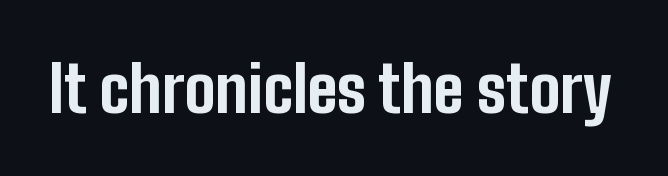
Q: Is the text bold? A: Yes.
Q: Is the text italic (slanted)? A: No, it is upright.
Q: Is the typeface a serif or a sans-serif typeface? A: Sans-serif.
Q: Is the text underlined? A: No.
Q: Is the spacing between letters normal or unusually wide? A: Normal.
Q: Width (condensed, normal, or wide)? A: Condensed.
Q: Stroke contrast? A: Low.
Q: x-height? A: Medium.
Q: Monospaced? A: No.
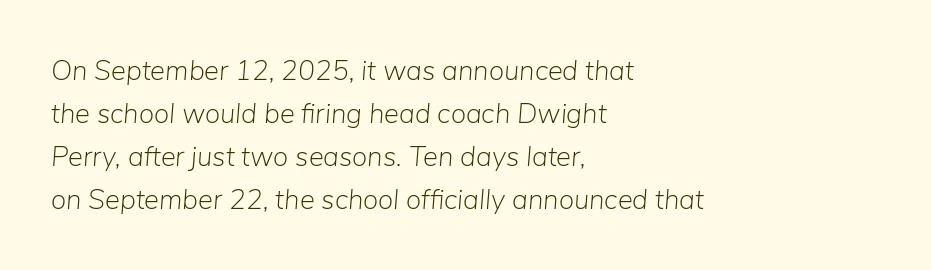
{"italic": "yes", "lean": "right", "slant_degrees": 5, "bold": "no", "weight": "light", "width": "normal", "stroke_contrast": "low", "x_height": "medium", "monospaced": "no", "underline": "no", "align": "left", "line_spacing": "normal", "line_spacing_ratio": 1.53, "letter_spacing": "normal", "letter_spacing_em": 0.0, "glyph_px": 28}
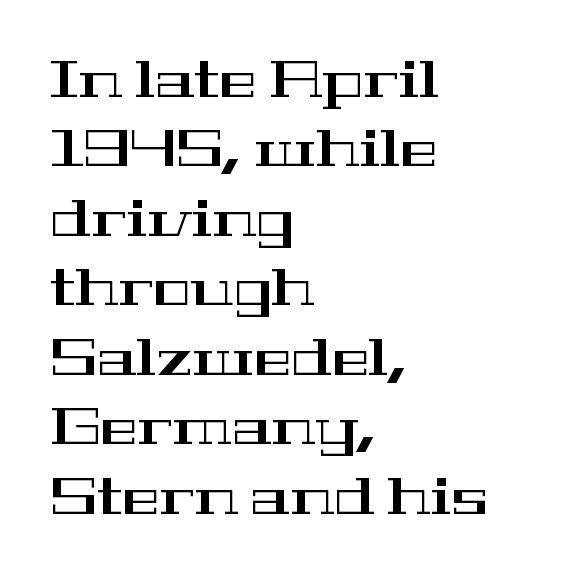
Note the varied advance widths — an 'i' is clearly narrower than an 'm'. Where is the straight margin? On the left. Honestly, the row spacing looks completely unremarkable. The type sits square on the baseline with zero lean. The string is rendered with underlining switched off.

◇ ◇ ◇ ◇ ◇ ◇ ◇

_TASK INSTRUCTIONS_
Using the records above, extract exactly and only the lines from the one with "Q: x-height? A: Medium." through the final line, inclusive, leaving out pictures.

_YOUR SOLUTION_
Q: x-height? A: Medium.
Q: Monospaced? A: No.
{"italic": "yes", "lean": "right", "slant_degrees": 5, "bold": "no", "weight": "light", "width": "normal", "stroke_contrast": "low", "x_height": "medium", "monospaced": "no", "underline": "no", "align": "left", "line_spacing": "normal", "line_spacing_ratio": 1.53, "letter_spacing": "normal", "letter_spacing_em": 0.0, "glyph_px": 28}
Note the varied advance widths — an 'i' is clearly narrower than an 'm'. Where is the straight margin? On the left. Honestly, the row spacing looks completely unremarkable. The type sits square on the baseline with zero lean. The string is rendered with underlining switched off.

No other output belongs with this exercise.